Entries taken from a collection:

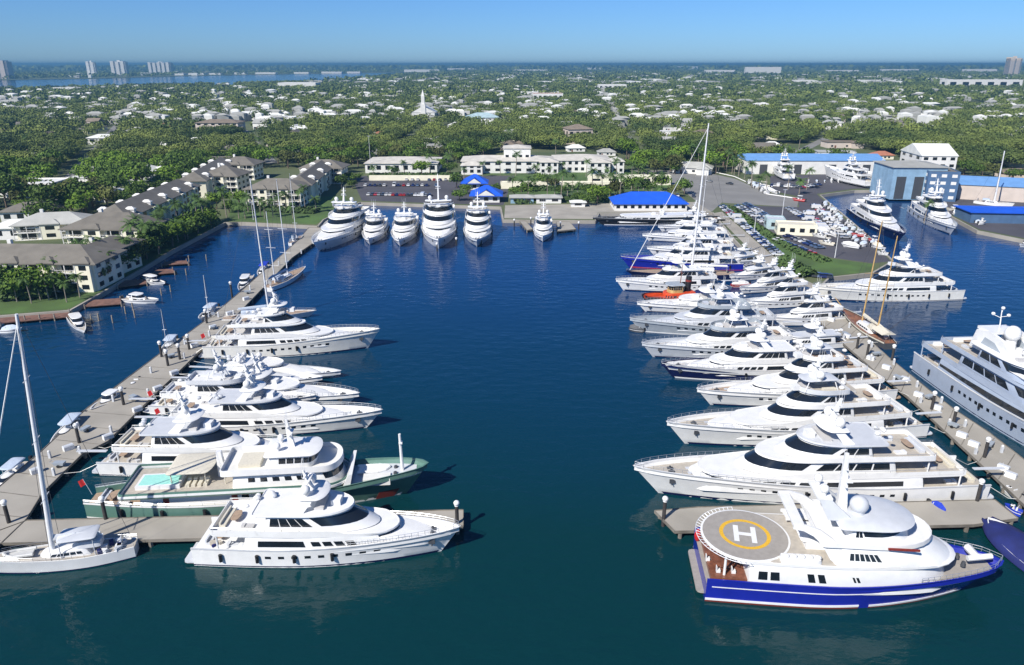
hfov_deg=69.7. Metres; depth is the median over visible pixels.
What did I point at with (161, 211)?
palm tree
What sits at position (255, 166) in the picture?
apartment building
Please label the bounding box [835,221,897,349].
schooner
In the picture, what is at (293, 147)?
tree
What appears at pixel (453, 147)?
tree
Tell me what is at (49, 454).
power pedestal
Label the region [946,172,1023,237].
boatyard quay
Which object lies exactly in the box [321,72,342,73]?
building
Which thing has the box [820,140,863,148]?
house
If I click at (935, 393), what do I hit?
mooring piling
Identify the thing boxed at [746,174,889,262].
boatyard
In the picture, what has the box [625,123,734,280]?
sailing yacht
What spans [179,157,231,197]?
apartment building
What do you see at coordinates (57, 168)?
tree
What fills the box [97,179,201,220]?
apartment building
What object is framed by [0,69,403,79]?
shore
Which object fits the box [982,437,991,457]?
mooring piling
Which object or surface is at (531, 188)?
tree
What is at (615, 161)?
palm tree
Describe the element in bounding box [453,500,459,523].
mooring piling
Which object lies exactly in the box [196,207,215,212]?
tree
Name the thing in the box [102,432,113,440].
dock box
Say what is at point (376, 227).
motor yacht
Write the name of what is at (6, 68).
tower block
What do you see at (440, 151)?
tree
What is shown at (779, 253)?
parked car
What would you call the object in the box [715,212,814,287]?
promenade
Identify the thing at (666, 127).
house
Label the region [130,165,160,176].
house
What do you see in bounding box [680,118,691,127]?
house
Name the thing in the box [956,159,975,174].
tree
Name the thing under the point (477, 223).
motor yacht
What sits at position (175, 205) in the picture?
palm tree
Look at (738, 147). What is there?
tree
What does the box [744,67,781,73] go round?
building
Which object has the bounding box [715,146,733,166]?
tree
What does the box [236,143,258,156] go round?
tree
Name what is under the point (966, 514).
dock
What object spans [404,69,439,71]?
building
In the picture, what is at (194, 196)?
palm tree
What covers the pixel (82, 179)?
house
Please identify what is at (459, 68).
building
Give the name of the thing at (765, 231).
hedge
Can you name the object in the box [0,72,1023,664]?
water
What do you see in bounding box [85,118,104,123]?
house
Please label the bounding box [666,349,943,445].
motor yacht
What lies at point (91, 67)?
tower block
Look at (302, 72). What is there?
building
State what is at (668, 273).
motor yacht
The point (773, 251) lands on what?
parked car
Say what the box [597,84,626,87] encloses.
building
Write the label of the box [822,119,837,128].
house
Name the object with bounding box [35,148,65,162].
tree
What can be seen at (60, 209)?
tree
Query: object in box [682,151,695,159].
tree
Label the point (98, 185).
tree
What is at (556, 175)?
palm tree
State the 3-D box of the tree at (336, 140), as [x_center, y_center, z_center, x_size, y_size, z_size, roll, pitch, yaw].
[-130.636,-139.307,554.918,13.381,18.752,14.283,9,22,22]
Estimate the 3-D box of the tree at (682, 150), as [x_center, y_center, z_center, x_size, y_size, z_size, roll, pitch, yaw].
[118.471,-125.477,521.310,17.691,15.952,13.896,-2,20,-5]
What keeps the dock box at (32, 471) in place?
on the dock at (19, 492)
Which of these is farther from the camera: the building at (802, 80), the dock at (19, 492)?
the building at (802, 80)
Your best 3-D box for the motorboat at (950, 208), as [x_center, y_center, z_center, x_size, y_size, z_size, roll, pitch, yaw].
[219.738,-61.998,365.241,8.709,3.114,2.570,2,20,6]
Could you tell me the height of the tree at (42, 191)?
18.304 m
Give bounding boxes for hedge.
[0,216,220,299]
[230,204,320,213]
[368,172,454,176]
[514,184,641,191]
[514,195,607,204]
[727,205,832,262]
[777,254,818,276]
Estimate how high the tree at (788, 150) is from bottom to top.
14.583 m
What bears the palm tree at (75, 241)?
on the lawn at (26, 305)
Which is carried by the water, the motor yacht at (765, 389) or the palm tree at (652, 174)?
the motor yacht at (765, 389)
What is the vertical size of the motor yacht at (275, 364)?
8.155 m
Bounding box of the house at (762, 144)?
[751,142,775,147]
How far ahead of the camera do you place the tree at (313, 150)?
535.97 m
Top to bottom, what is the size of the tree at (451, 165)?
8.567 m
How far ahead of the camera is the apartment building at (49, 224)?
305.57 m
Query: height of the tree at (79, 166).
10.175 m
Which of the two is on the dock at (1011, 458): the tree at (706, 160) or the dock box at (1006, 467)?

## EXERCISE
A word-for-word transcription of the entries above, free of images, is what is wanted.

## PROBLEM SOLUTION
hfov_deg=69.7. Metres; depth is the median over visible pixels.
What did I point at with (161, 211)?
palm tree
What sits at position (255, 166) in the picture?
apartment building
Please label the bounding box [835,221,897,349].
schooner
In the picture, what is at (293, 147)?
tree
What appears at pixel (453, 147)?
tree
Tell me what is at (49, 454).
power pedestal
Label the region [946,172,1023,237].
boatyard quay
Which object lies exactly in the box [321,72,342,73]?
building
Which thing has the box [820,140,863,148]?
house
If I click at (935, 393), what do I hit?
mooring piling
Identify the thing boxed at [746,174,889,262].
boatyard
In the picture, what has the box [625,123,734,280]?
sailing yacht
What spans [179,157,231,197]?
apartment building
What do you see at coordinates (57, 168)?
tree
What fills the box [97,179,201,220]?
apartment building
What object is framed by [0,69,403,79]?
shore
Which object fits the box [982,437,991,457]?
mooring piling
Which object or surface is at (531, 188)?
tree
What is at (615, 161)?
palm tree
Describe the element in bounding box [453,500,459,523].
mooring piling
Which object lies exactly in the box [196,207,215,212]?
tree
Name the thing in the box [102,432,113,440].
dock box
Say what is at point (376, 227).
motor yacht
Write the name of what is at (6, 68).
tower block
What do you see at (440, 151)?
tree
What is shown at (779, 253)?
parked car
What would you call the object in the box [715,212,814,287]?
promenade
Identify the thing at (666, 127).
house
Label the region [130,165,160,176].
house
What do you see in bounding box [680,118,691,127]?
house
Name the thing in the box [956,159,975,174].
tree
Name the thing under the point (477, 223).
motor yacht
What sits at position (175, 205) in the picture?
palm tree
Look at (738, 147). What is there?
tree
What does the box [744,67,781,73] go round?
building
Which object has the bounding box [715,146,733,166]?
tree
What does the box [236,143,258,156] go round?
tree
Name what is under the point (966, 514).
dock
What object spans [404,69,439,71]?
building
In the picture, what is at (194, 196)?
palm tree
What covers the pixel (82, 179)?
house
Please identify what is at (459, 68).
building
Give the name of the thing at (765, 231).
hedge
Can you name the object in the box [0,72,1023,664]?
water
What do you see in bounding box [85,118,104,123]?
house
Please label the bounding box [666,349,943,445].
motor yacht
What lies at point (91, 67)?
tower block
Look at (302, 72). What is there?
building
State what is at (668, 273).
motor yacht
The point (773, 251) lands on what?
parked car
Say what the box [597,84,626,87] encloses.
building
Write the label of the box [822,119,837,128].
house
Name the object with bounding box [35,148,65,162].
tree
What can be seen at (60, 209)?
tree
Query: object in box [682,151,695,159].
tree
Label the point (98, 185).
tree
What is at (556, 175)?
palm tree
State the 3-D box of the tree at (336, 140), as [x_center, y_center, z_center, x_size, y_size, z_size, roll, pitch, yaw].
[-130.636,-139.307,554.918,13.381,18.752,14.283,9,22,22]
Estimate the 3-D box of the tree at (682, 150), as [x_center, y_center, z_center, x_size, y_size, z_size, roll, pitch, yaw].
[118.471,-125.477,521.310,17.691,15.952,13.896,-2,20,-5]
What keeps the dock box at (32, 471) in place?
on the dock at (19, 492)
Which of these is farther from the camera: the building at (802, 80), the dock at (19, 492)?
the building at (802, 80)
Your best 3-D box for the motorboat at (950, 208), as [x_center, y_center, z_center, x_size, y_size, z_size, roll, pitch, yaw].
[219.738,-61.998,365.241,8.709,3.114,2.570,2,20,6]
Could you tell me the height of the tree at (42, 191)?
18.304 m
Give bounding boxes for hedge.
[0,216,220,299]
[230,204,320,213]
[368,172,454,176]
[514,184,641,191]
[514,195,607,204]
[727,205,832,262]
[777,254,818,276]
Estimate how high the tree at (788, 150) is from bottom to top.
14.583 m
What bears the palm tree at (75, 241)?
on the lawn at (26, 305)
Which is carried by the water, the motor yacht at (765, 389) or the palm tree at (652, 174)?
the motor yacht at (765, 389)
What is the vertical size of the motor yacht at (275, 364)?
8.155 m
Bounding box of the house at (762, 144)?
[751,142,775,147]
How far ahead of the camera do you place the tree at (313, 150)?
535.97 m
Top to bottom, what is the size of the tree at (451, 165)?
8.567 m
How far ahead of the camera is the apartment building at (49, 224)?
305.57 m
Query: height of the tree at (79, 166).
10.175 m
Which of the two is on the dock at (1011, 458): the tree at (706, 160) or the dock box at (1006, 467)?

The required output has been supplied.